─── RECORDS TO USE ───
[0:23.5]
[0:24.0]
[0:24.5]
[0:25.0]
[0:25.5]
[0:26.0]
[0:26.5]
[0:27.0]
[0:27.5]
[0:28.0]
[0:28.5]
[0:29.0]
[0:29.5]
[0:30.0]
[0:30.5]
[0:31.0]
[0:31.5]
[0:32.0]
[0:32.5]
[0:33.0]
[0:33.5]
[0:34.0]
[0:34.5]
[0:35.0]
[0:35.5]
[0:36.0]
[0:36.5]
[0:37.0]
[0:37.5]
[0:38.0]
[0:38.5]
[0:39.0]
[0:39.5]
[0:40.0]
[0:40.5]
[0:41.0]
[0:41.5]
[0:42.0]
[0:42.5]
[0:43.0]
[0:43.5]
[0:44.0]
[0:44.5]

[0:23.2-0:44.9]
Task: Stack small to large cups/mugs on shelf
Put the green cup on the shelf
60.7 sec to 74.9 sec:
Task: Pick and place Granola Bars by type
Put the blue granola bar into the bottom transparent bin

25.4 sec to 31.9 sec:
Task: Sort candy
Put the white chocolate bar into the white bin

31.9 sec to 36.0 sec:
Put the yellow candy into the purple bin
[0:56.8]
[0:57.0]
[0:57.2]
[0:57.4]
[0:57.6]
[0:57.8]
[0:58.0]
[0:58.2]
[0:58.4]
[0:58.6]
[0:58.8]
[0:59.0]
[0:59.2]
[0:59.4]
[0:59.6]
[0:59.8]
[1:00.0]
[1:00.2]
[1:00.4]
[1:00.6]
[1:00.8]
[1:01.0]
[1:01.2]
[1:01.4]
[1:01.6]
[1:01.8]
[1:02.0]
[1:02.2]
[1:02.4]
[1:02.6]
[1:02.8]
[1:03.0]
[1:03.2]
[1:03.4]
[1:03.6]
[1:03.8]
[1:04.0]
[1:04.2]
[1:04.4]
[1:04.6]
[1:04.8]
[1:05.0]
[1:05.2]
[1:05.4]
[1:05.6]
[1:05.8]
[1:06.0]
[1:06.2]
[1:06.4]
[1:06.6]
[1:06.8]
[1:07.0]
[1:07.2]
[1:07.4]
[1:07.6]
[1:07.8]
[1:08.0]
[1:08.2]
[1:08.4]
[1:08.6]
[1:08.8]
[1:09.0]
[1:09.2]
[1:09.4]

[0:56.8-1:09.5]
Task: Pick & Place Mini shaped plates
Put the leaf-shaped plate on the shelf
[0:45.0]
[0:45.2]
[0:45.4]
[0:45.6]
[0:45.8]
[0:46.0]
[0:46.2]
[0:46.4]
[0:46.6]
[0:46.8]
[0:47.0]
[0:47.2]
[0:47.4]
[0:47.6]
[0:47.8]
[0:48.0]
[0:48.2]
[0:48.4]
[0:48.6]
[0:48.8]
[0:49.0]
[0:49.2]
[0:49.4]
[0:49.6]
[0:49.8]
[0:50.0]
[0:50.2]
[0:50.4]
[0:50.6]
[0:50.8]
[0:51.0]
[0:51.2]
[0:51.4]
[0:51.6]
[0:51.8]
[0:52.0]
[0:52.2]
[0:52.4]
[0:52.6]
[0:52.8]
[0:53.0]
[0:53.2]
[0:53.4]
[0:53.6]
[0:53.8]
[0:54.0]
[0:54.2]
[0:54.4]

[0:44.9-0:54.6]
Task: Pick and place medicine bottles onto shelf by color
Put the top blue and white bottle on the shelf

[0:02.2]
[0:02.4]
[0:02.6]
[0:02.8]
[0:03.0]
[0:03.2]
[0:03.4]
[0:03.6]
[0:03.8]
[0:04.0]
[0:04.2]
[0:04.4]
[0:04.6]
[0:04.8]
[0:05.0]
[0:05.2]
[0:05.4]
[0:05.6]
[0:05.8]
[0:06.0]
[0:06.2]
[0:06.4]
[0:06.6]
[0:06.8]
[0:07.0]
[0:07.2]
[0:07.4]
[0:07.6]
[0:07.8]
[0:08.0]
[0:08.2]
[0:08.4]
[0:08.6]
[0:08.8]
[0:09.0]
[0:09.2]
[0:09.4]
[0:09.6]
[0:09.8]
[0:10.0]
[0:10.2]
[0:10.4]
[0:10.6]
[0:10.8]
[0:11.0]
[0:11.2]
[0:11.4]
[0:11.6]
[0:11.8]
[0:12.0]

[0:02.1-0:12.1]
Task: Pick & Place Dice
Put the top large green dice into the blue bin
───
→ **ACTIVITY**: Would you please return all of the data exactly?

→ **SOLUTION TO THE EXERCISE**:
[0:23.5]
[0:24.0]
[0:24.5]
[0:25.0]
[0:25.5]
[0:26.0]
[0:26.5]
[0:27.0]
[0:27.5]
[0:28.0]
[0:28.5]
[0:29.0]
[0:29.5]
[0:30.0]
[0:30.5]
[0:31.0]
[0:31.5]
[0:32.0]
[0:32.5]
[0:33.0]
[0:33.5]
[0:34.0]
[0:34.5]
[0:35.0]
[0:35.5]
[0:36.0]
[0:36.5]
[0:37.0]
[0:37.5]
[0:38.0]
[0:38.5]
[0:39.0]
[0:39.5]
[0:40.0]
[0:40.5]
[0:41.0]
[0:41.5]
[0:42.0]
[0:42.5]
[0:43.0]
[0:43.5]
[0:44.0]
[0:44.5]

[0:23.2-0:44.9]
Task: Stack small to large cups/mugs on shelf
Put the green cup on the shelf
60.7 sec to 74.9 sec:
Task: Pick and place Granola Bars by type
Put the blue granola bar into the bottom transparent bin

25.4 sec to 31.9 sec:
Task: Sort candy
Put the white chocolate bar into the white bin

31.9 sec to 36.0 sec:
Put the yellow candy into the purple bin
[0:56.8]
[0:57.0]
[0:57.2]
[0:57.4]
[0:57.6]
[0:57.8]
[0:58.0]
[0:58.2]
[0:58.4]
[0:58.6]
[0:58.8]
[0:59.0]
[0:59.2]
[0:59.4]
[0:59.6]
[0:59.8]
[1:00.0]
[1:00.2]
[1:00.4]
[1:00.6]
[1:00.8]
[1:01.0]
[1:01.2]
[1:01.4]
[1:01.6]
[1:01.8]
[1:02.0]
[1:02.2]
[1:02.4]
[1:02.6]
[1:02.8]
[1:03.0]
[1:03.2]
[1:03.4]
[1:03.6]
[1:03.8]
[1:04.0]
[1:04.2]
[1:04.4]
[1:04.6]
[1:04.8]
[1:05.0]
[1:05.2]
[1:05.4]
[1:05.6]
[1:05.8]
[1:06.0]
[1:06.2]
[1:06.4]
[1:06.6]
[1:06.8]
[1:07.0]
[1:07.2]
[1:07.4]
[1:07.6]
[1:07.8]
[1:08.0]
[1:08.2]
[1:08.4]
[1:08.6]
[1:08.8]
[1:09.0]
[1:09.2]
[1:09.4]

[0:56.8-1:09.5]
Task: Pick & Place Mini shaped plates
Put the leaf-shaped plate on the shelf
[0:45.0]
[0:45.2]
[0:45.4]
[0:45.6]
[0:45.8]
[0:46.0]
[0:46.2]
[0:46.4]
[0:46.6]
[0:46.8]
[0:47.0]
[0:47.2]
[0:47.4]
[0:47.6]
[0:47.8]
[0:48.0]
[0:48.2]
[0:48.4]
[0:48.6]
[0:48.8]
[0:49.0]
[0:49.2]
[0:49.4]
[0:49.6]
[0:49.8]
[0:50.0]
[0:50.2]
[0:50.4]
[0:50.6]
[0:50.8]
[0:51.0]
[0:51.2]
[0:51.4]
[0:51.6]
[0:51.8]
[0:52.0]
[0:52.2]
[0:52.4]
[0:52.6]
[0:52.8]
[0:53.0]
[0:53.2]
[0:53.4]
[0:53.6]
[0:53.8]
[0:54.0]
[0:54.2]
[0:54.4]

[0:44.9-0:54.6]
Task: Pick and place medicine bottles onto shelf by color
Put the top blue and white bottle on the shelf

[0:02.2]
[0:02.4]
[0:02.6]
[0:02.8]
[0:03.0]
[0:03.2]
[0:03.4]
[0:03.6]
[0:03.8]
[0:04.0]
[0:04.2]
[0:04.4]
[0:04.6]
[0:04.8]
[0:05.0]
[0:05.2]
[0:05.4]
[0:05.6]
[0:05.8]
[0:06.0]
[0:06.2]
[0:06.4]
[0:06.6]
[0:06.8]
[0:07.0]
[0:07.2]
[0:07.4]
[0:07.6]
[0:07.8]
[0:08.0]
[0:08.2]
[0:08.4]
[0:08.6]
[0:08.8]
[0:09.0]
[0:09.2]
[0:09.4]
[0:09.6]
[0:09.8]
[0:10.0]
[0:10.2]
[0:10.4]
[0:10.6]
[0:10.8]
[0:11.0]
[0:11.2]
[0:11.4]
[0:11.6]
[0:11.8]
[0:12.0]

[0:02.1-0:12.1]
Task: Pick & Place Dice
Put the top large green dice into the blue bin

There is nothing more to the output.